Dans la nuit du 26 au 27 février 1995, Alexi Polevoï, un adolescent russe de 16 ans, rentre dans la demeure familiale à Louveciennes, après une soirée passée à Paris, entre bars huppés et prostituée de luxe. Peu après 22 h 30, utilisant trois armes de collection appartenant à son père, il commet une tuerie, tuant six personnes : son père Eugène, riche homme d’affaires russe, sa belle-mère, un couple d’amis et les beaux-parents de son père. Seule sa demi-sœur de deux ans et demi, Nathalie, échappe au massacre, protégée par son sommeil dans sa chambre.
Vers 3 heures du matin, Alexi met en scène une effraction en brisant la porte-fenêtre et appelle la police en prétendant avoir découvert les cadavres à son retour. Rapidement suspecté par les enquêteurs, Alexi avoue dans la journée même, expliquant ce geste par les violences et humiliations répétées infligées par son père, opposé à ses fréquentations amoureuses.
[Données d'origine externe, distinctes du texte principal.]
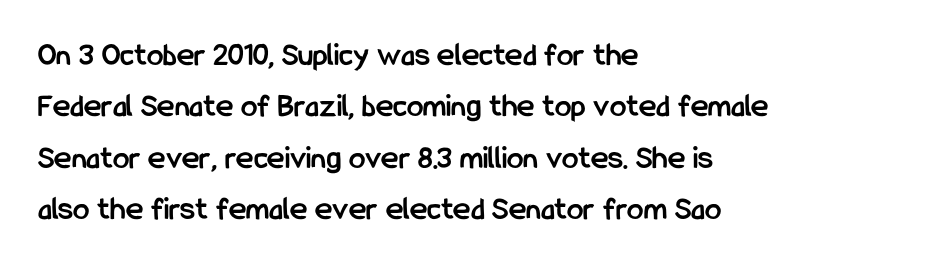
The image shows 33 px semibold, condensed sans-serif type, upright; set left-aligned, normal line spacing (1.56x), normal letter spacing, not underlined; low stroke contrast and a medium x-height.

Neuf mois plus tard, le 23 novembre 1995, Alexi se rétracte et évoque une autre version : un mystérieux homme en noir cagoulé, parlant russe, aurait commis les assassinats à la recherche d’un dossier portant l’inscription « 30 millions de dollars ». Selon Alexi, ce tueur l’aurait contraint à tirer sur le corps de son père, puis à appeler la police pour s’accuser du crime.
Malgré les détails troublants fournis par Alexi, les enquêteurs restent sceptiques. La piste mafieuse est rapidement avancée par les avocats de l’adolescent, car Eugène Polevoï avait accumulé sa fortune en Russie, dans un contexte post-soviétique opaque et dangereux, entouré d’anciens du KGB et de soupçons de trafic d’armes.
Le 8 décembre 1996, Dimitri Polevoï, frère d’Eugène qui avait repris la direction de ses entreprises après sa mort, est assassiné en Biélorussie. Ce crime accentue les soupçons concernant l’implication éventuelle de la mafia russe dans la tuerie de Louveciennes, mais la justice française peine à établir des liens concrets.
Le 4 mars 1998, le procès d’Alexi s’ouvre devant la cour d’assises des mineurs des Yvelines. Malgré les nombreuses zones d’ombre et les doutes subsistant autour d’une possible manipulation, la cour condamne Alexi à huit ans de prison le 14 mars 1998, une peine inférieure aux réquisitions initiales qui demandaient entre 18 et 20 ans.
Cette peine modérée souligne les hésitations du jury, pris entre la thèse du parricide et celle d’un règlement de comptes mafieux, jamais clairement établie. Pendant sa détention, Alexi, décrit comme un détenu modèle, bénéficie progressivement de permissions de sortie.
Le 8 juillet 2000, après cinq ans et cinq mois passés en prison, Alexi est libéré sous le régime de la liberté conditionnelle, à l’âge de 21 ans. La justice française lui permet de rester sur le territoire, considérant les risques potentiels de représailles en Russie.
Libéré, Alexi s’installe en région parisienne, accueillie par une amie russe, et retrouve progressivement une vie normale, toujours soutenu par sa mère Raïssa, convaincue de son innocence. L’affaire reste toutefois marquée par des interrogations non résolues et des doutes persistants sur le véritable déroulement de cette sanglante nuit de février 1995.